(Saved entries)
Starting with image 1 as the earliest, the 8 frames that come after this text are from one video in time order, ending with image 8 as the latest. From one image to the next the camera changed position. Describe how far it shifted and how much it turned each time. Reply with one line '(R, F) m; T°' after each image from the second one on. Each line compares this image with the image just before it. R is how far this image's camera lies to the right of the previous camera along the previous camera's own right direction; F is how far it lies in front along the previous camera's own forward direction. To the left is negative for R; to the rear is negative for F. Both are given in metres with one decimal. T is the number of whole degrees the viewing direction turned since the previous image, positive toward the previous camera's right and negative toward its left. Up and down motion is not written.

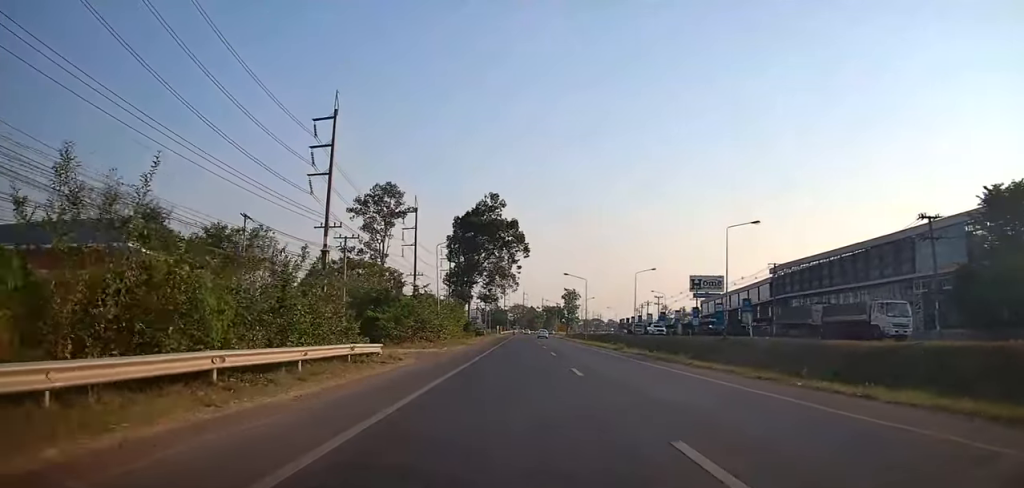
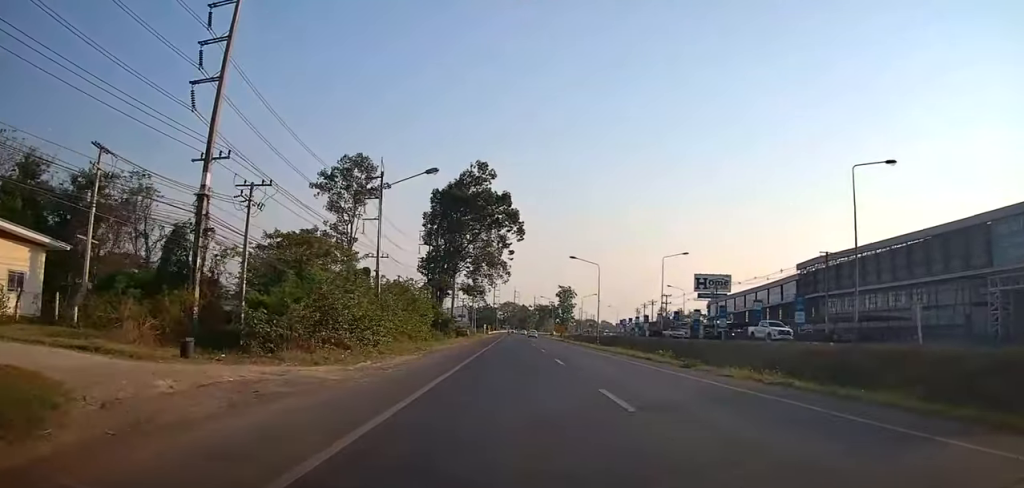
(+0.3, +19.1) m; 0°
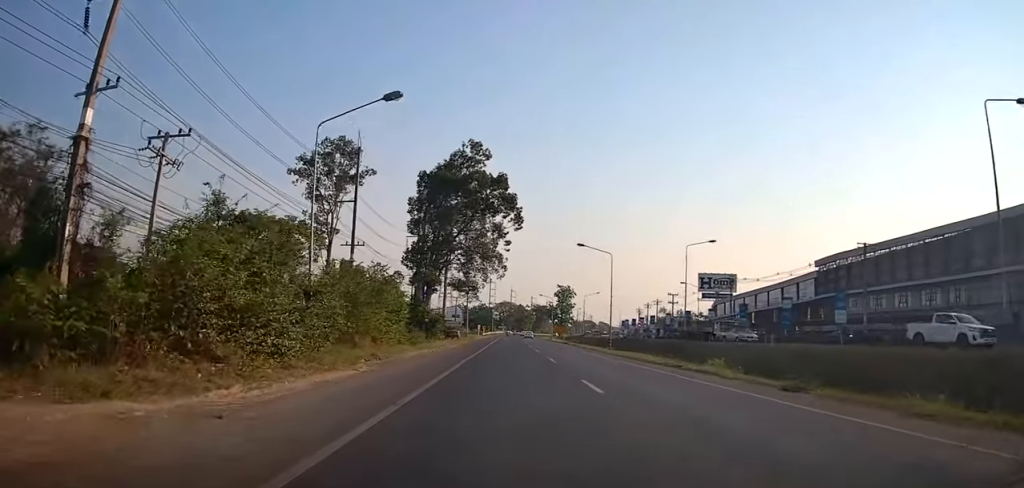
(-0.4, +9.7) m; 0°
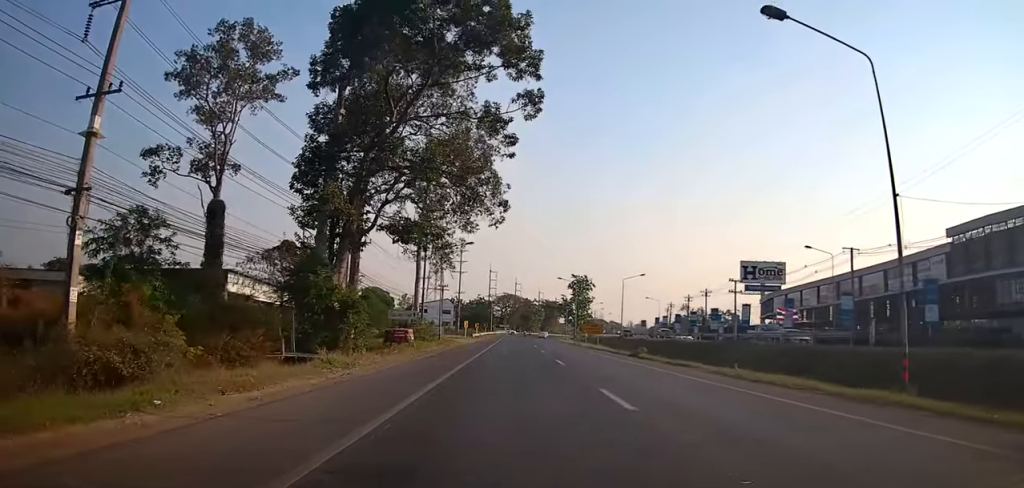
(+1.6, +39.2) m; +2°
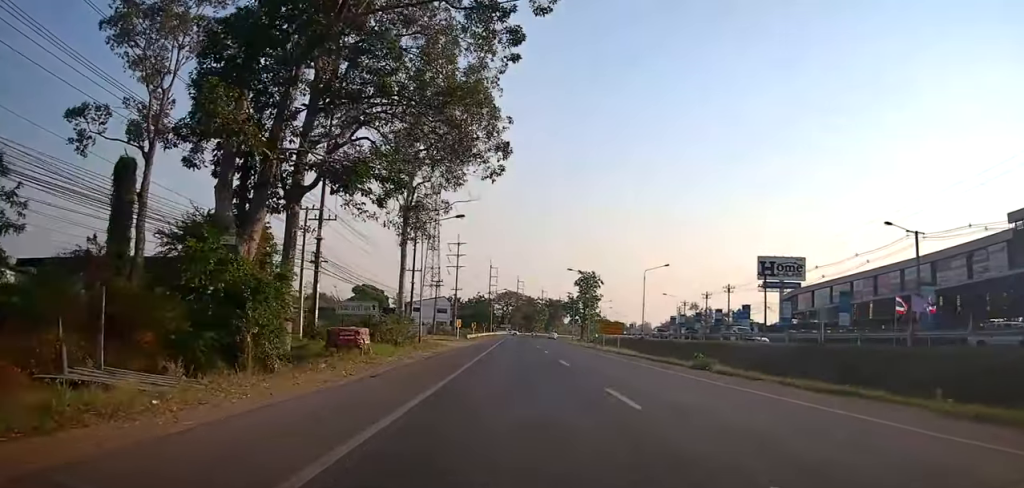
(+0.1, +12.4) m; -2°
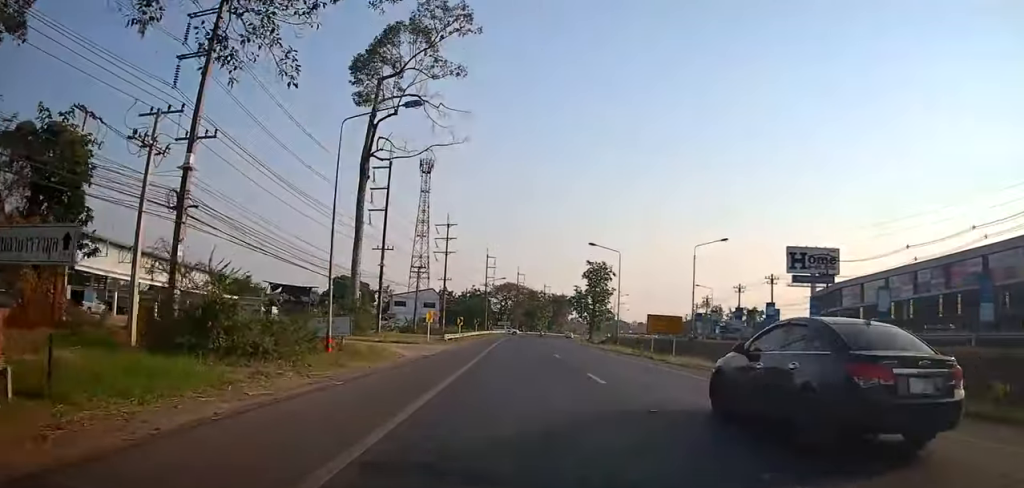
(-0.6, +19.9) m; 0°
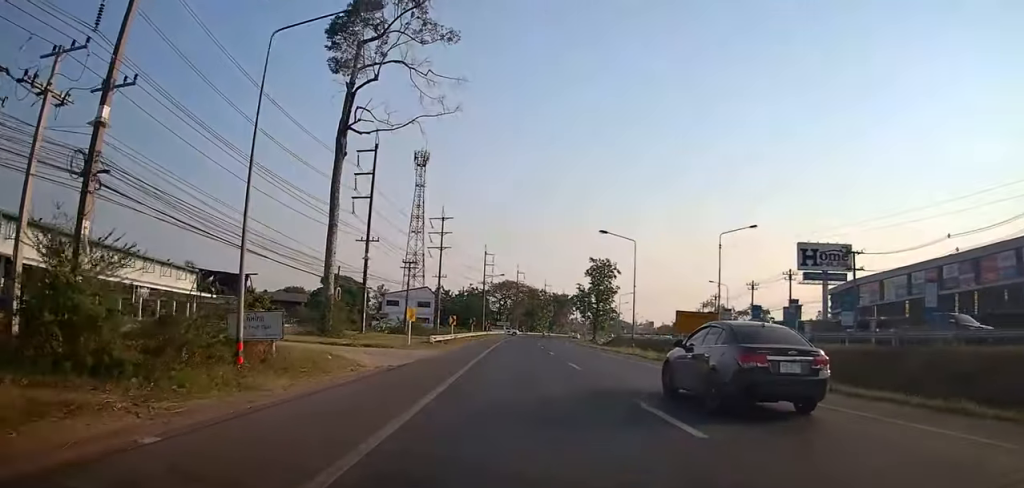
(+0.2, +6.8) m; +1°
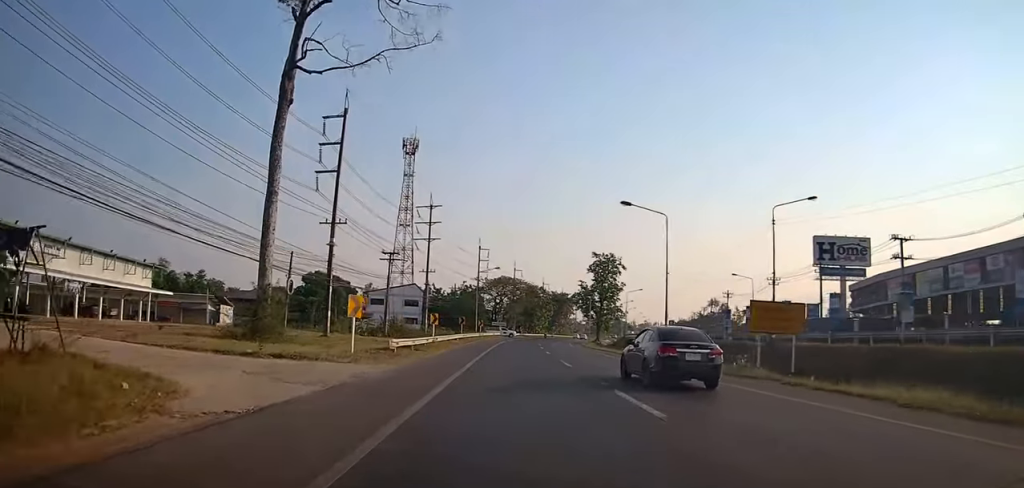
(+0.2, +10.4) m; 0°

■ **PROBLEM STATEMENT**
Leaving out the pictures, return the records exactly as given.

■ **FINISHED EXERCISE**
Starting with image 1 as the earliest, the 8 frames that come after this text are from one video in time order, ending with image 8 as the latest. From one image to the next the camera changed position. Describe how far it shifted and how much it turned each time. Reply with one line '(R, F) m; T°' after each image from the second one on. Each line compares this image with the image just before it. R is how far this image's camera lies to the right of the previous camera along the previous camera's own right direction; F is how far it lies in front along the previous camera's own forward direction. To the left is negative for R; to the rear is negative for F. Both are given in metres with one decimal. T is the number of whole degrees the viewing direction turned since the previous image, positive toward the previous camera's right and negative toward its left. Up and down motion is not written.

(+0.3, +19.1) m; 0°
(-0.4, +9.7) m; 0°
(+1.6, +39.2) m; +2°
(+0.1, +12.4) m; -2°
(-0.6, +19.9) m; 0°
(+0.2, +6.8) m; +1°
(+0.2, +10.4) m; 0°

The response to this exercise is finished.